(PROVIDED RECORDS Opens)

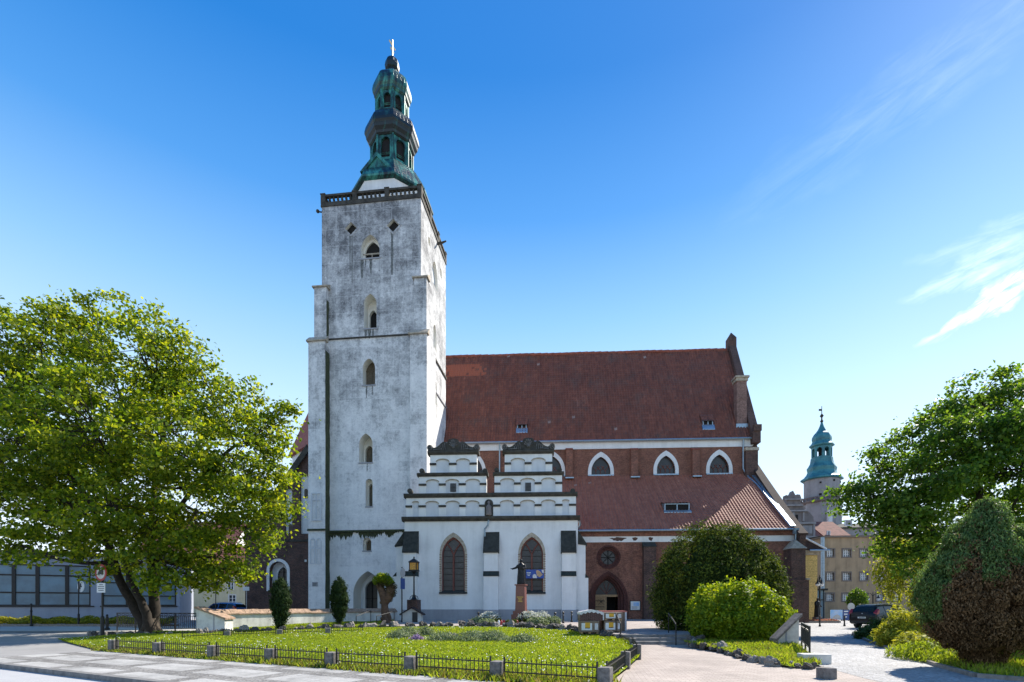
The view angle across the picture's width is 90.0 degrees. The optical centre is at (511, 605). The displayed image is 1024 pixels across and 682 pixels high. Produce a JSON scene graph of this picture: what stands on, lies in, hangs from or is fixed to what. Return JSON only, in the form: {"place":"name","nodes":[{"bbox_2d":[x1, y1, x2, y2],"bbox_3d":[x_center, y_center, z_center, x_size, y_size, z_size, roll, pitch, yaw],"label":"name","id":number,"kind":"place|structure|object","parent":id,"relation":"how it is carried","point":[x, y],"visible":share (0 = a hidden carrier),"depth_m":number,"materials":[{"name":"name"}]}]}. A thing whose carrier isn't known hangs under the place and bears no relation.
{"place":"outdoors","nodes":[
{"label":"outdoors","id":0,"kind":"place"},
{"bbox_2d":[0,668,107,681],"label":"road","id":1,"kind":"structure","parent":0,"point":[7,675],"depth_m":12.05,"materials":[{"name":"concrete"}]},
{"bbox_2d":[0,550,192,623],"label":"shop building","id":2,"kind":"structure","parent":0,"point":[47,591],"depth_m":43.38,"materials":[{"name":"stone"}]},
{"bbox_2d":[0,563,12,605],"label":"window","id":3,"kind":"structure","parent":2,"relation":"in","point":[6,572],"depth_m":41.84,"materials":[{"name":"glass"}]},
{"bbox_2d":[13,564,36,605],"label":"window","id":4,"kind":"structure","parent":2,"relation":"in","point":[24,579],"depth_m":42.33,"materials":[{"name":"glass"}]},
{"bbox_2d":[37,565,66,605],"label":"window","id":5,"kind":"structure","parent":2,"relation":"in","point":[51,583],"depth_m":43.12,"materials":[{"name":"blue glass"}]},
{"bbox_2d":[67,565,90,605],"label":"window","id":6,"kind":"structure","parent":2,"relation":"in","point":[72,591],"depth_m":43.86,"materials":[{"name":"glass"}]},
{"bbox_2d":[104,575,126,605],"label":"window","id":7,"kind":"structure","parent":2,"relation":"in","point":[112,595],"depth_m":44.98,"materials":[{"name":"glass"}]},
{"bbox_2d":[159,578,175,605],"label":"window","id":8,"kind":"structure","parent":2,"relation":"in","point":[164,601],"depth_m":46.81,"materials":[{"name":"glass"}]},
{"bbox_2d":[0,619,195,656],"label":"street","id":9,"kind":"structure","parent":0,"point":[22,643],"depth_m":21.35,"materials":[{"name":"grey asphalt"}]},
{"bbox_2d":[0,615,178,625],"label":"hedge","id":10,"kind":"object","parent":9,"relation":"on","point":[91,620],"visible":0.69,"depth_m":38.17,"materials":[{"name":"green plant"}]},
{"bbox_2d":[95,564,106,635],"bbox_3d":[-20.577,-0.140,25.721,0.840,3.840,0.171,0,0,20],"label":"road sign","id":11,"kind":"object","parent":9,"relation":"on","point":[101,575],"visible":0.98,"depth_m":25.66,"materials":[{"name":"metal"}]},
{"bbox_2d":[116,613,195,631],"bbox_3d":[-20.300,1.028,29.100,7.310,1.245,0.050,0,0,24],"label":"iron railing","id":12,"kind":"object","parent":9,"relation":"on","point":[170,624],"visible":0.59,"depth_m":28.59,"materials":[{"name":"metal"}]},
{"bbox_2d":[0,284,321,632],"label":"maple tree","id":13,"kind":"object","parent":9,"relation":"on","point":[64,449],"visible":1,"depth_m":26.64,"materials":[{"name":"green plant"}]},
{"bbox_2d":[208,602,245,608],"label":"parked car","id":14,"kind":"object","parent":9,"relation":"on","point":[232,605],"visible":0.2,"depth_m":49.20,"materials":[{"name":"blue paint"}]},
{"bbox_2d":[0,626,195,631],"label":"sidewalk","id":15,"kind":"structure","parent":0,"point":[53,628],"depth_m":34.15,"materials":[{"name":"concrete"}]},
{"bbox_2d":[0,651,508,681],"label":"pavement","id":16,"kind":"structure","parent":0,"point":[172,668],"depth_m":12.62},
{"bbox_2d":[58,625,639,681],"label":"lawn","id":17,"kind":"structure","parent":0,"point":[457,660],"depth_m":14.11,"materials":[{"name":"plant"}]},
{"bbox_2d":[115,637,155,650],"bbox_3d":[-12.657,1.390,17.201,2.384,0.580,0.035,0,0,26],"label":"fence panel","id":18,"kind":"object","parent":17,"relation":"on","point":[129,641],"visible":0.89,"depth_m":17.29,"materials":[{"name":"black paint"}]},
{"bbox_2d":[161,639,209,654],"bbox_3d":[-10.218,1.390,15.986,2.466,0.580,0.034,0,0,26],"label":"fence panel","id":19,"kind":"object","parent":17,"relation":"on","point":[179,644],"visible":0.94,"depth_m":16.10,"materials":[{"name":"black paint"}]},
{"bbox_2d":[216,642,267,657],"bbox_3d":[-7.840,1.390,14.800,2.248,0.580,0.032,0,0,26],"label":"fence panel","id":20,"kind":"object","parent":17,"relation":"on","point":[237,647],"visible":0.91,"depth_m":14.88,"materials":[{"name":"black paint"}]},
{"bbox_2d":[274,645,327,662],"bbox_3d":[-5.676,1.390,13.722,1.987,0.580,0.033,0,0,26],"label":"fence panel","id":21,"kind":"object","parent":17,"relation":"on","point":[294,650],"visible":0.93,"depth_m":13.80,"materials":[{"name":"black paint"}]},
{"bbox_2d":[63,626,622,680],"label":"daisies","id":22,"kind":"object","parent":17,"relation":"on","point":[404,646],"visible":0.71,"depth_m":17.70,"materials":[{"name":"white plant"}]},
{"bbox_2d":[384,628,412,638],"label":"lawn plant","id":23,"kind":"object","parent":17,"relation":"on","point":[398,633],"visible":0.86,"depth_m":21.52,"materials":[{"name":"green plant"}]},
{"bbox_2d":[425,629,458,640],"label":"lawn plant","id":24,"kind":"object","parent":17,"relation":"on","point":[440,636],"visible":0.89,"depth_m":20.16,"materials":[{"name":"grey plant"}]},
{"bbox_2d":[416,652,490,674],"bbox_3d":[-1.353,1.390,11.568,2.019,0.580,0.032,0,0,26],"label":"fence panel","id":25,"kind":"object","parent":17,"relation":"on","point":[446,667],"visible":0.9,"depth_m":11.60,"materials":[{"name":"black paint"}]},
{"bbox_2d":[451,628,493,641],"bbox_3d":[-1.514,1.180,20.437,1.882,0.520,1.872,0,0,0],"label":"lawn plant","id":26,"kind":"object","parent":17,"relation":"on","point":[472,634],"visible":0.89,"depth_m":20.02,"materials":[{"name":"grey plant"}]},
{"bbox_2d":[475,629,508,640],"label":"lawn plant","id":27,"kind":"object","parent":17,"relation":"on","point":[497,635],"visible":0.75,"depth_m":20.11,"materials":[{"name":"green plant"}]},
{"bbox_2d":[490,660,502,677],"bbox_3d":[-0.314,1.464,11.051,0.259,0.532,0.260,0,0,28],"label":"stone post","id":28,"kind":"object","parent":17,"relation":"on","point":[496,666],"visible":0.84,"depth_m":10.95,"materials":[{"name":"stone"}]},
{"bbox_2d":[505,631,538,642],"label":"lawn plant","id":29,"kind":"object","parent":17,"relation":"on","point":[524,637],"visible":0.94,"depth_m":19.40,"materials":[{"name":"green plant"}]},
{"bbox_2d":[606,650,625,674],"bbox_3d":[2.328,1.390,11.367,0.032,0.580,2.683,0,0,20],"label":"fence panel","id":30,"kind":"object","parent":17,"relation":"on","point":[618,662],"visible":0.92,"depth_m":11.54,"materials":[{"name":"black paint"}]},
{"bbox_2d":[0,0,1023,552],"label":"sky","id":31,"kind":"structure","parent":0,"point":[833,188],"materials":[{"name":"blue"}]},
{"bbox_2d":[377,619,689,636],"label":"plaza","id":32,"kind":"structure","parent":0,"point":[641,626],"depth_m":30.59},
{"bbox_2d":[213,608,396,628],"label":"boundary wall","id":33,"kind":"structure","parent":32,"relation":"on","point":[255,617],"depth_m":31.86,"materials":[{"name":"paint"}]},
{"bbox_2d":[306,39,446,608],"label":"bell tower","id":34,"kind":"structure","parent":32,"relation":"on","point":[377,378],"depth_m":46.56,"materials":[{"name":"paint"}]},
{"bbox_2d":[358,437,372,463],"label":"window","id":35,"kind":"structure","parent":34,"relation":"in","point":[368,447],"depth_m":47.72,"materials":[{"name":"paint"}]},
{"bbox_2d":[356,430,374,462],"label":"window frame","id":36,"kind":"structure","parent":34,"relation":"in","point":[364,432],"depth_m":46.56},
{"bbox_2d":[362,363,375,386],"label":"window","id":37,"kind":"structure","parent":34,"relation":"in","point":[370,372],"depth_m":47.31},
{"bbox_2d":[365,480,372,507],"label":"window","id":38,"kind":"structure","parent":34,"relation":"in","point":[370,484],"depth_m":47.23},
{"bbox_2d":[360,355,377,385],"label":"window frame","id":39,"kind":"structure","parent":34,"relation":"in","point":[368,357],"depth_m":46.50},
{"bbox_2d":[363,475,374,506],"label":"window frame","id":40,"kind":"structure","parent":34,"relation":"in","point":[367,477],"depth_m":46.53,"materials":[{"name":"paint"}]},
{"bbox_2d":[360,238,379,259],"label":"window","id":41,"kind":"structure","parent":34,"relation":"in","point":[371,249],"depth_m":47.08,"materials":[{"name":"stone"}]},
{"bbox_2d":[363,300,376,329],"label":"window","id":42,"kind":"structure","parent":34,"relation":"in","point":[372,310],"depth_m":47.55,"materials":[{"name":"paint"}]},
{"bbox_2d":[358,231,381,259],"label":"window frame","id":43,"kind":"structure","parent":34,"relation":"in","point":[369,233],"depth_m":46.49,"materials":[{"name":"paint"}]},
{"bbox_2d":[361,290,378,328],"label":"window frame","id":44,"kind":"structure","parent":34,"relation":"in","point":[369,292],"depth_m":46.52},
{"bbox_2d":[400,567,404,621],"bbox_3d":[-7.723,-0.650,35.995,0.125,4.100,0.680,0,0,16],"label":"road sign","id":45,"kind":"object","parent":32,"relation":"on","point":[402,579],"visible":0.93,"depth_m":35.96,"materials":[{"name":"metal"}]},
{"bbox_2d":[399,607,424,621],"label":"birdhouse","id":46,"kind":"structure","parent":32,"relation":"on","point":[412,614],"depth_m":36.90,"materials":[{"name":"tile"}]},
{"bbox_2d":[407,557,420,610],"bbox_3d":[-7.274,-1.360,38.000,0.800,4.520,0.800,0,0,8],"label":"street lantern","id":47,"kind":"object","parent":32,"relation":"on","point":[414,569],"visible":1,"depth_m":37.78,"materials":[{"name":"black metal"}]},
{"bbox_2d":[478,611,501,621],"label":"flowering bush","id":48,"kind":"object","parent":32,"relation":"on","point":[493,615],"visible":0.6,"depth_m":31.93,"materials":[{"name":"plant"}]},
{"bbox_2d":[392,438,588,620],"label":"chapel","id":49,"kind":"structure","parent":32,"relation":"on","point":[466,540],"depth_m":41.04,"materials":[{"name":"white paint"}]},
{"bbox_2d":[439,533,466,593],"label":"window","id":50,"kind":"structure","parent":49,"relation":"in","point":[453,557],"depth_m":41.47,"materials":[{"name":"grey glass"}]},
{"bbox_2d":[518,533,545,593],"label":"window","id":51,"kind":"structure","parent":49,"relation":"in","point":[532,554],"depth_m":41.14,"materials":[{"name":"grey glass"}]},
{"bbox_2d":[526,570,543,577],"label":"banner","id":52,"kind":"object","parent":49,"relation":"attached to","point":[534,573],"visible":1,"depth_m":40.78,"materials":[{"name":"fabric"}]},
{"bbox_2d":[510,559,528,620],"bbox_3d":[0.600,-0.865,33.600,1.800,4.330,1.600,0,0,14],"label":"monument","id":53,"kind":"object","parent":32,"relation":"on","point":[521,598],"visible":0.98,"depth_m":33.34,"materials":[{"name":"stone"}]},
{"bbox_2d":[244,333,809,621],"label":"church","id":54,"kind":"structure","parent":32,"relation":"on","point":[652,448],"depth_m":53.17,"materials":[{"name":"red brick"}]},
{"bbox_2d":[266,559,289,590],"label":"window","id":55,"kind":"structure","parent":54,"relation":"in","point":[280,569],"depth_m":50.73,"materials":[{"name":"stone"}]},
{"bbox_2d":[301,475,307,533],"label":"blind window","id":56,"kind":"structure","parent":54,"relation":"in","point":[304,492],"depth_m":50.31,"materials":[{"name":"paint"}]},
{"bbox_2d":[552,452,564,476],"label":"window","id":57,"kind":"structure","parent":54,"relation":"in","point":[555,464],"depth_m":53.70,"materials":[{"name":"paint"}]},
{"bbox_2d":[595,597,606,610],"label":"door","id":58,"kind":"structure","parent":54,"relation":"in","point":[600,602],"depth_m":45.69,"materials":[{"name":"brown wood"}]},
{"bbox_2d":[588,452,613,475],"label":"window","id":59,"kind":"structure","parent":54,"relation":"in","point":[599,467],"depth_m":53.66,"materials":[{"name":"paint"}]},
{"bbox_2d":[601,550,614,564],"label":"rose window","id":60,"kind":"structure","parent":54,"relation":"in","point":[607,557],"depth_m":45.35,"materials":[{"name":"glass"}]},
{"bbox_2d":[653,451,678,474],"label":"window","id":61,"kind":"structure","parent":54,"relation":"in","point":[662,466],"depth_m":53.29,"materials":[{"name":"paint"}]},
{"bbox_2d":[706,449,732,474],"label":"window","id":62,"kind":"structure","parent":54,"relation":"in","point":[715,465],"depth_m":53.01,"materials":[{"name":"paint"}]},
{"bbox_2d":[516,610,539,622],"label":"flowering bush","id":63,"kind":"object","parent":32,"relation":"on","point":[527,615],"visible":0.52,"depth_m":32.14,"materials":[{"name":"plant"}]},
{"bbox_2d":[578,620,598,633],"bbox_3d":[3.446,0.961,23.046,0.856,0.565,0.908,0,0,2],"label":"packed crate","id":64,"kind":"object","parent":32,"relation":"on","point":[590,626],"visible":0.92,"depth_m":22.60,"materials":[{"name":"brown wood"}]},
{"bbox_2d":[577,610,603,620],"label":"roof","id":65,"kind":"structure","parent":64,"relation":"on","point":[589,615],"depth_m":22.63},
{"bbox_2d":[601,620,621,632],"bbox_3d":[4.479,0.941,23.046,0.791,0.539,0.908,0,0,2],"label":"packed crate","id":66,"kind":"object","parent":32,"relation":"on","point":[607,624],"visible":0.62,"depth_m":22.60,"materials":[{"name":"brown wood"}]},
{"bbox_2d":[599,611,626,630],"bbox_3d":[4.351,0.728,24.350,2.029,0.945,1.060,0,0,0],"label":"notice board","id":67,"kind":"object","parent":32,"relation":"on","point":[624,620],"visible":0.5,"depth_m":23.85,"materials":[{"name":"wood"}]},
{"bbox_2d":[645,515,797,630],"bbox_3d":[10.140,-1.372,25.466,6.980,5.971,6.302,0,0,33],"label":"yew bush","id":68,"kind":"object","parent":32,"relation":"on","point":[716,553],"visible":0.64,"depth_m":24.20,"materials":[{"name":"green plant"}]},
{"bbox_2d":[613,645,879,681],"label":"path","id":69,"kind":"structure","parent":0,"point":[671,663],"depth_m":12.40,"materials":[{"name":"white concrete"}]},
{"bbox_2d":[622,634,690,644],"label":"stone steps","id":70,"kind":"structure","parent":69,"relation":"on","point":[655,639],"depth_m":20.85,"materials":[{"name":"stone"}]},
{"bbox_2d":[684,636,821,666],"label":"grass","id":71,"kind":"structure","parent":0,"point":[783,652],"depth_m":16.52,"materials":[{"name":"green plant"}]},
{"bbox_2d":[799,618,1021,681],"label":"side street","id":72,"kind":"structure","parent":0,"point":[859,658],"depth_m":14.35,"materials":[{"name":"stone"}]},
{"bbox_2d":[849,604,908,627],"bbox_3d":[26.145,0.730,36.195,4.723,1.714,2.160,0,0,-26],"label":"parked car","id":73,"kind":"object","parent":72,"relation":"on","point":[859,614],"visible":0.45,"depth_m":35.21,"materials":[{"name":"black paint"}]},
{"bbox_2d":[863,524,936,611],"bbox_3d":[29.245,-2.137,37.312,7.941,8.107,4.114,0,0,0],"label":"birch tree","id":74,"kind":"object","parent":72,"relation":"on","point":[889,581],"visible":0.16,"depth_m":36.70,"materials":[{"name":"green plant"}]},
{"bbox_2d":[950,665,1023,676],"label":"lawn","id":75,"kind":"structure","parent":0,"point":[1005,672],"depth_m":11.27,"materials":[{"name":"plant"}]},
{"bbox_2d":[847,623,881,638],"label":"juniper shrub","id":76,"kind":"object","parent":75,"relation":"on","point":[863,632],"visible":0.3,"depth_m":23.73,"materials":[{"name":"green plant"}]},
{"bbox_2d":[874,623,907,646],"bbox_3d":[14.377,1.150,18.998,1.578,1.033,1.066,0,0,0],"label":"juniper shrub","id":77,"kind":"object","parent":75,"relation":"on","point":[885,637],"visible":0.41,"depth_m":18.93,"materials":[{"name":"green plant"}]},
{"bbox_2d":[869,600,926,646],"bbox_3d":[15.381,0.716,19.356,2.879,1.886,2.636,0,0,-38],"label":"juniper shrub","id":78,"kind":"object","parent":75,"relation":"on","point":[895,618],"visible":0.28,"depth_m":19.18,"materials":[{"name":"green plant"}]},
{"bbox_2d":[890,629,936,650],"bbox_3d":[13.463,1.192,16.580,2.211,0.949,1.583,0,0,0],"label":"juniper shrub","id":79,"kind":"object","parent":75,"relation":"on","point":[904,638],"visible":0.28,"depth_m":16.55,"materials":[{"name":"green plant"}]},
{"bbox_2d":[812,360,1023,586],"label":"maple tree","id":80,"kind":"object","parent":75,"relation":"on","point":[975,465],"visible":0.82,"depth_m":28.77,"materials":[{"name":"green plant"}]},
{"bbox_2d":[884,639,951,661],"bbox_3d":[12.122,1.287,14.890,2.033,0.670,2.092,0,0,0],"label":"weed clump","id":81,"kind":"object","parent":75,"relation":"on","point":[909,650],"visible":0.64,"depth_m":14.75,"materials":[{"name":"green plant"}]},
{"bbox_2d":[853,631,1023,676],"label":"grass","id":82,"kind":"structure","parent":75,"relation":"on","point":[1012,666],"depth_m":12.04,"materials":[{"name":"green plant"}]},
{"bbox_2d":[915,646,1015,663],"bbox_3d":[12.176,1.329,13.800,2.102,0.564,2.094,0,0,0],"label":"weed clump","id":83,"kind":"object","parent":75,"relation":"on","point":[943,653],"visible":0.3,"depth_m":13.80,"materials":[{"name":"green plant"}]},
{"bbox_2d":[909,496,1023,666],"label":"thuja tree","id":84,"kind":"object","parent":75,"relation":"on","point":[967,600],"visible":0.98,"depth_m":12.05,"materials":[{"name":"green plant"}]},
{"label":"ground","id":85,"kind":"structure","parent":0,"visible":0},
{"bbox_2d":[0,662,174,681],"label":"kerb","id":86,"kind":"structure","parent":85,"relation":"on","point":[77,674],"depth_m":12.04,"materials":[{"name":"concrete"}]},
{"bbox_2d":[139,522,246,551],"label":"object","id":87,"kind":"structure","parent":85,"relation":"on","point":[234,535],"depth_m":99.88,"materials":[{"name":"plant"}]},
{"bbox_2d":[194,606,235,630],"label":"wall end","id":88,"kind":"structure","parent":85,"relation":"on","point":[210,619],"depth_m":26.20,"materials":[{"name":"paint"}]},
{"bbox_2d":[188,546,244,615],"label":"town house","id":89,"kind":"structure","parent":85,"relation":"on","point":[237,594],"depth_m":78.22,"materials":[{"name":"paint"}]},
{"bbox_2d":[324,651,338,664],"bbox_3d":[-4.657,1.465,13.214,0.252,0.530,0.268,0,0,25],"label":"stone post","id":90,"kind":"object","parent":85,"relation":"on","point":[330,657],"visible":0.56,"depth_m":13.11,"materials":[{"name":"stone"}]},
{"bbox_2d":[404,655,415,669],"bbox_3d":[-2.391,1.461,12.091,0.267,0.538,0.260,0,0,27],"label":"stone post","id":91,"kind":"object","parent":85,"relation":"on","point":[410,661],"visible":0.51,"depth_m":11.98,"materials":[{"name":"stone"}]},
{"bbox_2d":[336,648,405,666],"bbox_3d":[-3.522,1.390,12.649,2.227,0.580,0.034,0,0,26],"label":"fence panel","id":92,"kind":"object","parent":91,"relation":"attached to","point":[367,654],"visible":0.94,"depth_m":12.67,"materials":[{"name":"black paint"}]},
{"bbox_2d":[597,666,612,681],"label":"stone post","id":93,"kind":"object","parent":85,"relation":"on","point":[604,673],"visible":0.97,"depth_m":9.88,"materials":[{"name":"stone"}]},
{"bbox_2d":[503,657,597,679],"bbox_3d":[0.755,1.390,10.518,2.093,0.580,0.034,0,0,26],"label":"fence panel","id":94,"kind":"object","parent":93,"relation":"attached to","point":[546,664],"visible":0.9,"depth_m":10.49,"materials":[{"name":"black paint"}]},
{"bbox_2d":[783,491,816,537],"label":"castle gable","id":95,"kind":"structure","parent":85,"relation":"on","point":[797,508],"depth_m":71.96,"materials":[{"name":"paint"}]},
{"bbox_2d":[801,622,810,652],"bbox_3d":[9.410,1.147,16.425,0.050,1.125,3.226,0,0,26],"label":"iron railing","id":96,"kind":"object","parent":85,"relation":"on","point":[806,634],"visible":0.99,"depth_m":15.94,"materials":[{"name":"metal"}]},
{"bbox_2d":[797,653,831,663],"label":"stone block","id":97,"kind":"structure","parent":85,"relation":"on","point":[826,658],"depth_m":13.70,"materials":[{"name":"stone"}]},
{"bbox_2d":[805,537,829,619],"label":"gatehouse","id":98,"kind":"object","parent":85,"relation":"on","point":[813,549],"visible":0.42,"depth_m":49.47,"materials":[{"name":"stone"}]},
{"bbox_2d":[800,406,843,524],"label":"castle tower","id":99,"kind":"structure","parent":85,"relation":"on","point":[821,475],"depth_m":84.44,"materials":[{"name":"metal"}]},
{"bbox_2d":[817,588,827,618],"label":"glazed porch","id":100,"kind":"object","parent":85,"relation":"on","point":[822,590],"visible":0.21,"depth_m":61.03,"materials":[{"name":"black paint"}]},
{"bbox_2d":[816,667,836,678],"bbox_3d":[6.780,1.531,11.044,0.296,0.398,0.282,0,0,-6],"label":"stone post","id":101,"kind":"object","parent":85,"relation":"on","point":[826,672],"visible":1,"depth_m":10.92,"materials":[{"name":"stone"}]},
{"bbox_2d":[815,522,849,535],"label":"red roof house","id":102,"kind":"structure","parent":85,"relation":"on","point":[827,529],"depth_m":75.82,"materials":[{"name":"tile"}]},
{"bbox_2d":[845,587,868,606],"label":"round bush","id":103,"kind":"object","parent":85,"relation":"on","point":[859,596],"visible":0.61,"depth_m":55.46,"materials":[{"name":"green plant"}]},
{"bbox_2d":[837,520,887,534],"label":"attic house","id":104,"kind":"structure","parent":85,"relation":"on","point":[844,527],"depth_m":80.08,"materials":[{"name":"paint"}]},
{"bbox_2d":[808,535,918,617],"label":"castle wing","id":105,"kind":"structure","parent":85,"relation":"on","point":[842,565],"depth_m":63.80,"materials":[{"name":"beige paint"}]},
{"bbox_2d":[852,633,1023,681],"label":"kerb","id":106,"kind":"structure","parent":85,"relation":"on","point":[973,674],"depth_m":11.47,"materials":[{"name":"concrete"}]},
{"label":"upper lawn","id":107,"kind":"structure","parent":0,"visible":0},
{"bbox_2d":[153,619,393,632],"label":"grass","id":108,"kind":"structure","parent":107,"relation":"on","point":[315,625],"depth_m":29.76,"materials":[{"name":"plant"}]},
{"bbox_2d":[268,577,293,628],"bbox_3d":[-12.448,-0.120,27.647,1.309,2.907,1.360,0,0,0],"label":"columnar yew","id":109,"kind":"object","parent":107,"relation":"on","point":[280,600],"visible":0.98,"depth_m":27.34,"materials":[{"name":"green plant"}]},
{"bbox_2d":[328,576,349,624],"bbox_3d":[-10.513,-0.343,30.992,1.435,3.024,1.281,0,0,-21],"label":"columnar yew","id":110,"kind":"object","parent":107,"relation":"on","point":[339,600],"visible":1,"depth_m":30.74,"materials":[{"name":"green plant"}]},
{"bbox_2d":[372,572,396,623],"bbox_3d":[-8.460,-0.401,33.983,1.737,3.636,0.913,0,0,0],"label":"pollarded tree","id":111,"kind":"object","parent":107,"relation":"on","point":[382,581],"visible":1,"depth_m":33.80,"materials":[{"name":"brown plant"}]},
{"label":"lawn","id":112,"kind":"structure","parent":0,"visible":0},
{"bbox_2d":[680,575,797,640],"bbox_3d":[9.341,0.211,20.877,4.577,2.857,3.759,0,0,0],"label":"lime shrub","id":113,"kind":"object","parent":112,"relation":"on","point":[755,610],"visible":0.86,"depth_m":19.79,"materials":[{"name":"green plant"}]},
{"bbox_2d":[770,613,802,644],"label":"wall end","id":114,"kind":"structure","parent":112,"relation":"on","point":[787,630],"depth_m":18.15,"materials":[{"name":"stone"}]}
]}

(PROVIDED RECORDS Closes)

ACTION ITEM -> Find every line in the records above that holds the word "roof", and copy each one.

RESULT FOR THIS TASK ->
{"bbox_2d":[577,610,603,620],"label":"roof","id":65,"kind":"structure","parent":64,"relation":"on","point":[589,615],"depth_m":22.63},
{"bbox_2d":[815,522,849,535],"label":"red roof house","id":102,"kind":"structure","parent":85,"relation":"on","point":[827,529],"depth_m":75.82,"materials":[{"name":"tile"}]},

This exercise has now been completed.